_Exercise_: One range is to be output from the listing below, exactly as written: the line with "Verkehrszeichen: KurveLinks" to the line with "Light: Natural", both kept.

_Given records_:
+ + + + + + +

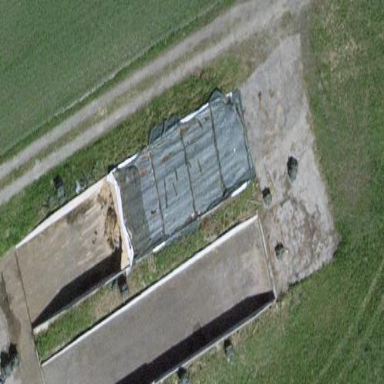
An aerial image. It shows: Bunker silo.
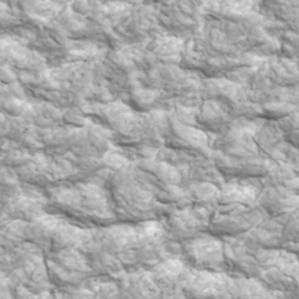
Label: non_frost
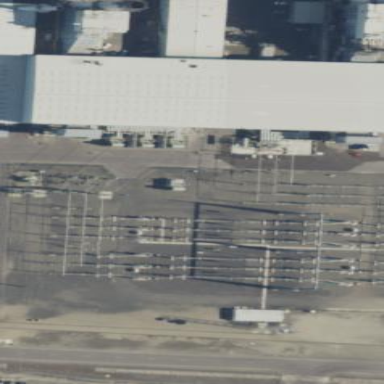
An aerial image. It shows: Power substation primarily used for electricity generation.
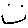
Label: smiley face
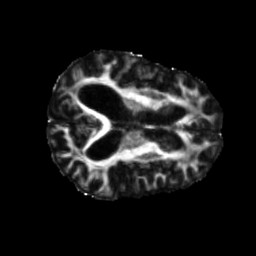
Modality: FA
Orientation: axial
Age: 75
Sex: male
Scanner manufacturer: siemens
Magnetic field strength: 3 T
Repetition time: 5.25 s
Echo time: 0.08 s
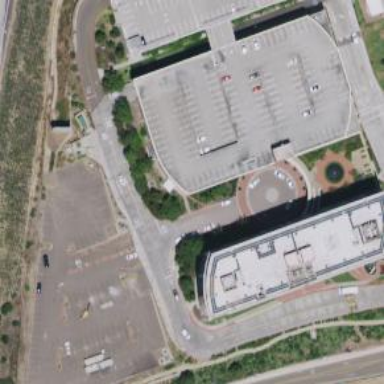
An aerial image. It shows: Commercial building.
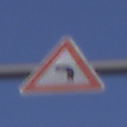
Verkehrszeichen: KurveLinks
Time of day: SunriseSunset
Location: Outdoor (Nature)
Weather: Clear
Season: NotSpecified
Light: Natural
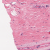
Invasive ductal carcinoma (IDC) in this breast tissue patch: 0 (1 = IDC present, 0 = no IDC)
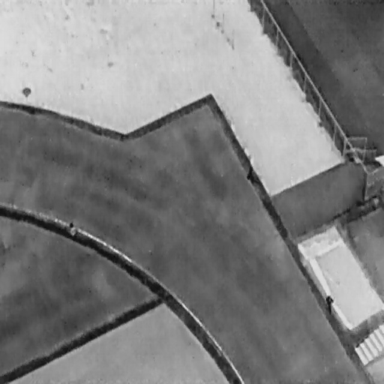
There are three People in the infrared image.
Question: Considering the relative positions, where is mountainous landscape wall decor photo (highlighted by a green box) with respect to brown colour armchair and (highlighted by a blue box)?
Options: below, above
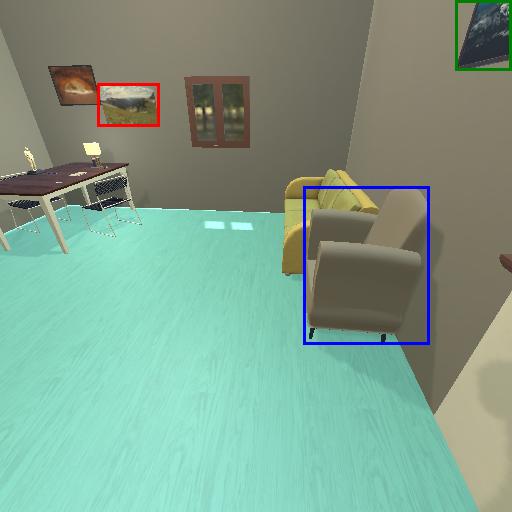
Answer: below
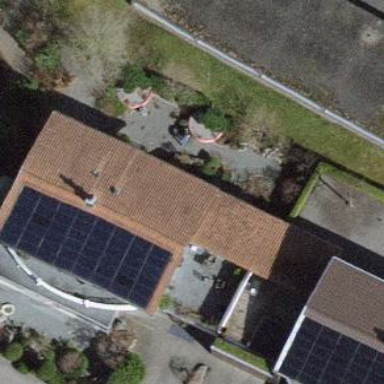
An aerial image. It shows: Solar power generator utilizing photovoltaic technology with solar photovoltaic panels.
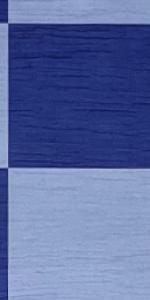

+ + + + + + +

_Written solution_:
Verkehrszeichen: KurveLinks
Time of day: SunriseSunset
Location: Outdoor (Nature)
Weather: Clear
Season: NotSpecified
Light: Natural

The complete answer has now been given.